This investigation highlights how commercial AI services can lower the technical barrier to entry for offensive cyber capabilities. The threat actor in this campaign is not known to be associated with any advanced persistent threat group with state-sponsored resources. They are likely a financially motivated individual or small group who, through AI augmentation, achieved an operational scale that would have previously required a significantly larger and more skilled team. Yet, based on our analysis of public sources, they successfully compromised multiple organizations’ Active Directory environments, extracted complete credential databases, and targeted backup infrastructure, a potential precursor to ransomware deployment. Notably, when this actor encountered hardened environments or more sophisticated defensive measures, they simply moved on to softer targets rather than persisting, underscoring that their advantage lies in AI-augmented efficiency and scale, not in deeper technical skill.
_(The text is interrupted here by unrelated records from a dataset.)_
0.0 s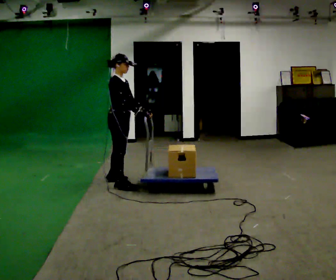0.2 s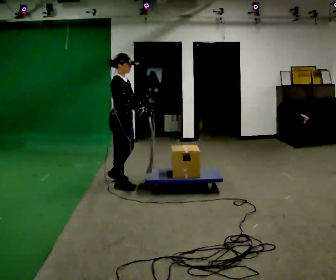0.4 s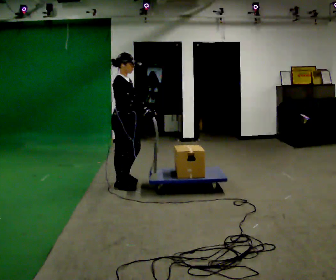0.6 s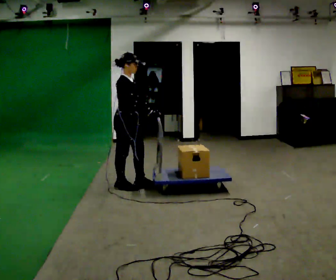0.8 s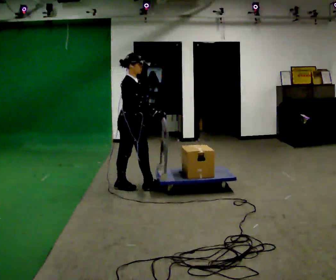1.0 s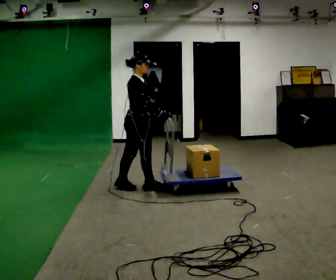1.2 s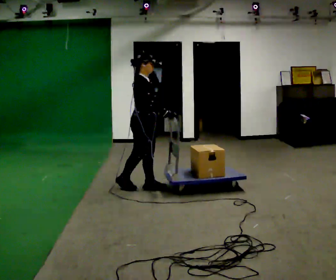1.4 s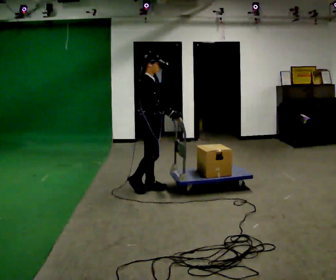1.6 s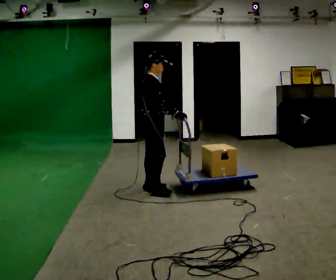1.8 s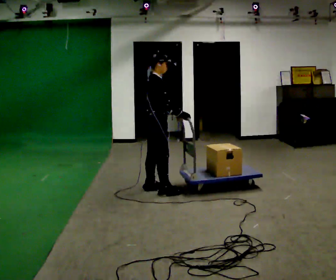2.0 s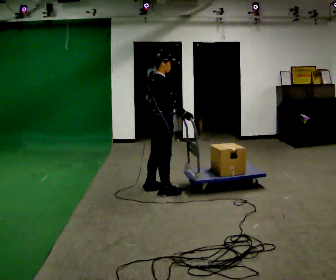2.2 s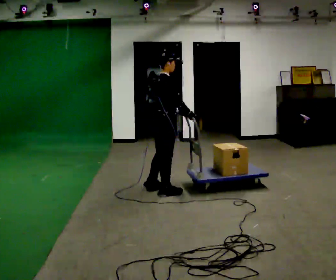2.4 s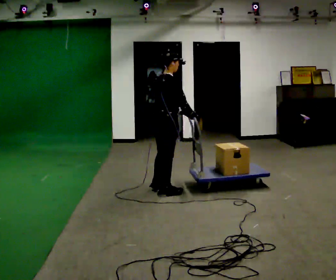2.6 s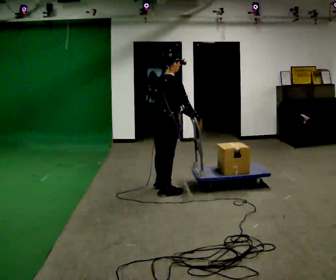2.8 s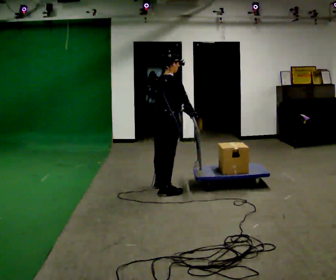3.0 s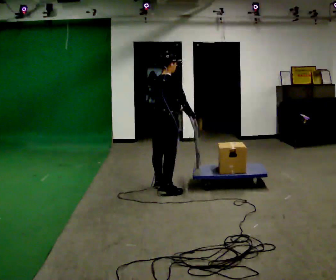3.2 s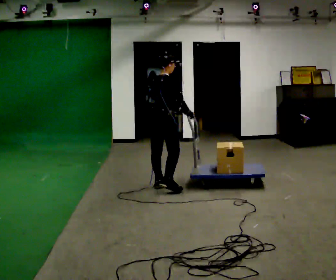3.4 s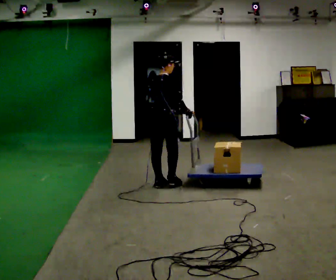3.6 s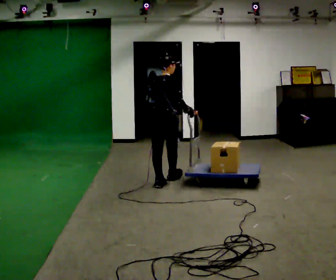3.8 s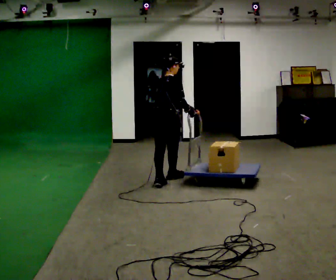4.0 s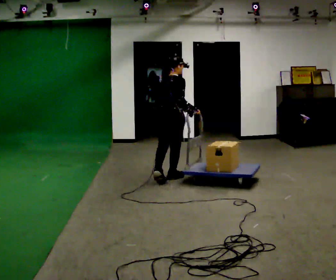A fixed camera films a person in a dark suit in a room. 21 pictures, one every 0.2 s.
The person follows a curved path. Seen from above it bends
counterclockwise.
The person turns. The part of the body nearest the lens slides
to the right.
0.0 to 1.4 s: In the picture they go to the right and toward the camera, about 0.5 m in 1 step, which for them is forward.
1.4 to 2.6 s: The part of the body nearest the lens slides to the right as the person turns to their left by about 45 degrees. In the picture they go to the right, about 0.25 m in 2 steps, which for them is to their right and forward.
2.6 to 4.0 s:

As we expect this trend to continue in 2026, organizations should anticipate that AI-augmented threat activity will continue to grow in volume from both skilled and unskilled adversaries. Strong defensive fundamentals remain the most effective countermeasure: patch management for perimeter devices, credential hygiene, network segmentation, and robust detection for post-exploitation indicators.

Campaign overview

Through routine threat intelligence operations, Amazon Threat Intelligence identified infrastructure hosting malicious tooling associated with this campaign. The threat actor had staged additional operational files on the same publicly accessible infrastructure, including AI-generated attack plans, victim configurations, and source code for custom tooling. This inadequate operational security provided comprehensive visibility into the threat actor’s methodologies and the specific ways they leverage AI throughout their operations. It’s like an AI-powered assembly line for cybercrime, helping less skilled workers produce at scale.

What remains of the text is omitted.